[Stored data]
[Start of Attachment]

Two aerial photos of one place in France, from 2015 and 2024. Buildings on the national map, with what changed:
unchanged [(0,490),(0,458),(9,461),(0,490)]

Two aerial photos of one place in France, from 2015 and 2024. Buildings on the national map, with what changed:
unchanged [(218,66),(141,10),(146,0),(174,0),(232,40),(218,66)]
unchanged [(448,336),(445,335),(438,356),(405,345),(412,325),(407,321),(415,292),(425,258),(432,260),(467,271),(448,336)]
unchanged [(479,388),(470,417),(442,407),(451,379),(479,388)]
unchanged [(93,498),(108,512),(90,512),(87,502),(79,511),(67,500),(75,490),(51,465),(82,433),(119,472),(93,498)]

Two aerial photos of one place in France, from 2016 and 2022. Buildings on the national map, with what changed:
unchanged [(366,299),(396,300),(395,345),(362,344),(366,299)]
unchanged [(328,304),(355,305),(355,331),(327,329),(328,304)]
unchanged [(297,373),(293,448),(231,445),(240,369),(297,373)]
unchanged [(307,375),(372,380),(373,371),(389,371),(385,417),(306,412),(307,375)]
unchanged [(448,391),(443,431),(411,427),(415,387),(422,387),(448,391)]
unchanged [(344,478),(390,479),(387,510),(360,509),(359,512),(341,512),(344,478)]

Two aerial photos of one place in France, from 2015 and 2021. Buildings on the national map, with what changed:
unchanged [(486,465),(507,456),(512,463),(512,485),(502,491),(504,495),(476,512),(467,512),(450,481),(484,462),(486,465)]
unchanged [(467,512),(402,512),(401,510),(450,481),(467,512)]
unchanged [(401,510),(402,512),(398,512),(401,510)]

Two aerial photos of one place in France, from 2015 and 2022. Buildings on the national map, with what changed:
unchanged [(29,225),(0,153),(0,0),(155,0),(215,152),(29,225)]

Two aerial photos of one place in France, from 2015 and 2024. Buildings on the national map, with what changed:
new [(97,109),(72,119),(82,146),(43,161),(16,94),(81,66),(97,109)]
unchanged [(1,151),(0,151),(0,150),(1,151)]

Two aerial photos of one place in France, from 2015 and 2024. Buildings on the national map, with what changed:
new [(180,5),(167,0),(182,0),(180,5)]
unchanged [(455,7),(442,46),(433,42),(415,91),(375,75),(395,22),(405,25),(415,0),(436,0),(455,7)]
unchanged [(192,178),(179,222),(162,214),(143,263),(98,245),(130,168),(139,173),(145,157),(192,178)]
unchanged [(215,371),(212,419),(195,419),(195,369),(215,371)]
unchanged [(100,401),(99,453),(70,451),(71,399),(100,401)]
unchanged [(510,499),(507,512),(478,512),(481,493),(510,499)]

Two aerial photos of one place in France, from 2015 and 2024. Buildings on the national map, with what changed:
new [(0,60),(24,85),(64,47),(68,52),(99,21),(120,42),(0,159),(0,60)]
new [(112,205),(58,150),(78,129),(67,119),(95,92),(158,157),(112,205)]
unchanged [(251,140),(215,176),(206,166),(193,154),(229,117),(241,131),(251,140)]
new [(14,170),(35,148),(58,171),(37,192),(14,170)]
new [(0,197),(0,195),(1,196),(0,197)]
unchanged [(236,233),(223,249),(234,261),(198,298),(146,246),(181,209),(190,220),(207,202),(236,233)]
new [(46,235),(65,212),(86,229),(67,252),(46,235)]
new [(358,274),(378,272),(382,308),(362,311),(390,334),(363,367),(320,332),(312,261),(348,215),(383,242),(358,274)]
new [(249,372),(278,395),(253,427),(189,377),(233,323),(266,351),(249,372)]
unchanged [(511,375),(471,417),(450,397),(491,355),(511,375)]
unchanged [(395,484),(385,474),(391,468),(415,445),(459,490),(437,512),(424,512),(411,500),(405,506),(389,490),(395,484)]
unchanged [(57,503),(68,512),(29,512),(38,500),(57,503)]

[End of Attachment]

Brief: Exactly reproduce every line of the data above.

Task solution:
Two aerial photos of one place in France, from 2015 and 2024. Buildings on the national map, with what changed:
unchanged [(0,490),(0,458),(9,461),(0,490)]

Two aerial photos of one place in France, from 2015 and 2024. Buildings on the national map, with what changed:
unchanged [(218,66),(141,10),(146,0),(174,0),(232,40),(218,66)]
unchanged [(448,336),(445,335),(438,356),(405,345),(412,325),(407,321),(415,292),(425,258),(432,260),(467,271),(448,336)]
unchanged [(479,388),(470,417),(442,407),(451,379),(479,388)]
unchanged [(93,498),(108,512),(90,512),(87,502),(79,511),(67,500),(75,490),(51,465),(82,433),(119,472),(93,498)]

Two aerial photos of one place in France, from 2016 and 2022. Buildings on the national map, with what changed:
unchanged [(366,299),(396,300),(395,345),(362,344),(366,299)]
unchanged [(328,304),(355,305),(355,331),(327,329),(328,304)]
unchanged [(297,373),(293,448),(231,445),(240,369),(297,373)]
unchanged [(307,375),(372,380),(373,371),(389,371),(385,417),(306,412),(307,375)]
unchanged [(448,391),(443,431),(411,427),(415,387),(422,387),(448,391)]
unchanged [(344,478),(390,479),(387,510),(360,509),(359,512),(341,512),(344,478)]

Two aerial photos of one place in France, from 2015 and 2021. Buildings on the national map, with what changed:
unchanged [(486,465),(507,456),(512,463),(512,485),(502,491),(504,495),(476,512),(467,512),(450,481),(484,462),(486,465)]
unchanged [(467,512),(402,512),(401,510),(450,481),(467,512)]
unchanged [(401,510),(402,512),(398,512),(401,510)]

Two aerial photos of one place in France, from 2015 and 2022. Buildings on the national map, with what changed:
unchanged [(29,225),(0,153),(0,0),(155,0),(215,152),(29,225)]

Two aerial photos of one place in France, from 2015 and 2024. Buildings on the national map, with what changed:
new [(97,109),(72,119),(82,146),(43,161),(16,94),(81,66),(97,109)]
unchanged [(1,151),(0,151),(0,150),(1,151)]

Two aerial photos of one place in France, from 2015 and 2024. Buildings on the national map, with what changed:
new [(180,5),(167,0),(182,0),(180,5)]
unchanged [(455,7),(442,46),(433,42),(415,91),(375,75),(395,22),(405,25),(415,0),(436,0),(455,7)]
unchanged [(192,178),(179,222),(162,214),(143,263),(98,245),(130,168),(139,173),(145,157),(192,178)]
unchanged [(215,371),(212,419),(195,419),(195,369),(215,371)]
unchanged [(100,401),(99,453),(70,451),(71,399),(100,401)]
unchanged [(510,499),(507,512),(478,512),(481,493),(510,499)]

Two aerial photos of one place in France, from 2015 and 2024. Buildings on the national map, with what changed:
new [(0,60),(24,85),(64,47),(68,52),(99,21),(120,42),(0,159),(0,60)]
new [(112,205),(58,150),(78,129),(67,119),(95,92),(158,157),(112,205)]
unchanged [(251,140),(215,176),(206,166),(193,154),(229,117),(241,131),(251,140)]
new [(14,170),(35,148),(58,171),(37,192),(14,170)]
new [(0,197),(0,195),(1,196),(0,197)]
unchanged [(236,233),(223,249),(234,261),(198,298),(146,246),(181,209),(190,220),(207,202),(236,233)]
new [(46,235),(65,212),(86,229),(67,252),(46,235)]
new [(358,274),(378,272),(382,308),(362,311),(390,334),(363,367),(320,332),(312,261),(348,215),(383,242),(358,274)]
new [(249,372),(278,395),(253,427),(189,377),(233,323),(266,351),(249,372)]
unchanged [(511,375),(471,417),(450,397),(491,355),(511,375)]
unchanged [(395,484),(385,474),(391,468),(415,445),(459,490),(437,512),(424,512),(411,500),(405,506),(389,490),(395,484)]
unchanged [(57,503),(68,512),(29,512),(38,500),(57,503)]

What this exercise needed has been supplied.